Zylinderdruck-basierte Modellierung des Start-Warmlaufverhaltens von Ottomotoren

Most of the hydrocarbon emissions during FTP cycle testing are generated during cold starting and warm-up. They are caused by inadequate fuel evaporation and poor fuel mixture generation: only the low-boiling components of the fuel evaporate and can participate in combustion during cold starting. Because the oxygen sensor is not operational at this point in time, no air/fuel ratio information is available before the warm-up phase. This means that fuel metering can not yet be optimised at this point. This paper describes the thermodynamic analysis of cold starting and subsequent warm- up of an combustion engine based on cylinder pressure with the aim of optimising hydrocarbon emissions.

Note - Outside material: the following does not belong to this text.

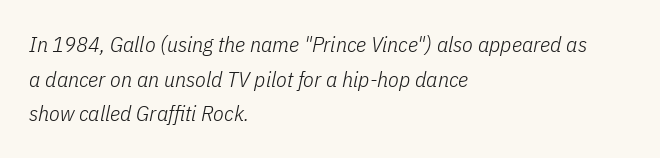
{"italic": "yes", "lean": "right", "slant_degrees": 11, "bold": "no", "underline": "no", "align": "left", "line_spacing": "normal", "line_spacing_ratio": 1.57, "letter_spacing": "normal", "letter_spacing_em": 0.0, "glyph_px": 22}
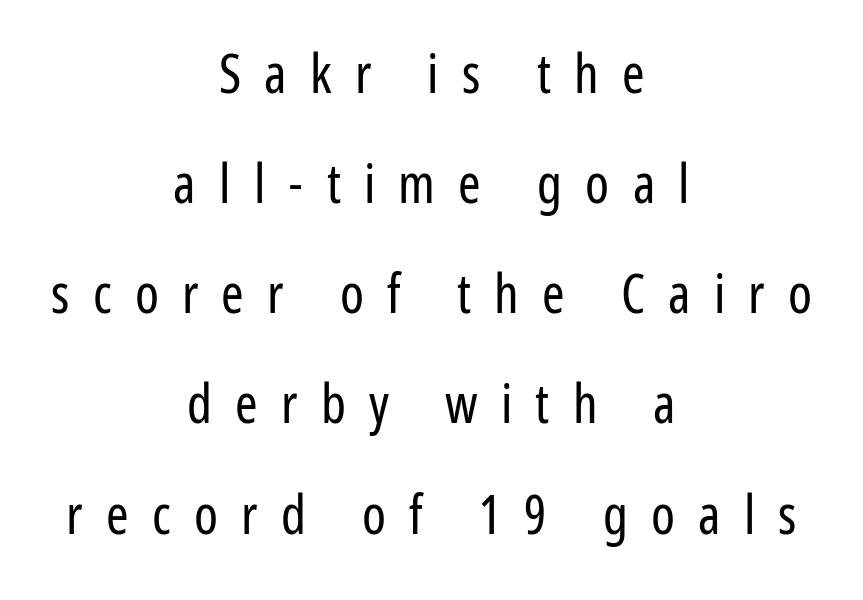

A thermal shock model was developed to model and provide real-time compensation for the unwanted effects that adiabatic gradients have on the signal quality of the measured variable. Cold-start tests with a spark ignition engine with multipoint injection have shown that misfiring can be identified from the cylinder pressure information. Variables derived from the net heat release rate did not provide definitive criteria for a cycle individual classification of the mixture formation with the test engine. To optimise the warm-up phase, a combustion characteristic was calculated from the cylinder pressure information as a measure for the transformation of the fuel mixture. Because a functional relationship exists between the combustion characteristic and the air/fuel ratio, these values were used to model a mean oxygen signal based on cylinder pressure data. The second method is insensitive to changes in fuel quality. A recursive model estimator identifies the lambda efficiency of combustion and provides information about the air/fuel ratio without the need for model adaptation. In the third modelling approach, the cylinder pressure information is used to calculate a model value for the hydrocarbon concentration of combustion. This model was used to implement a lean limit control.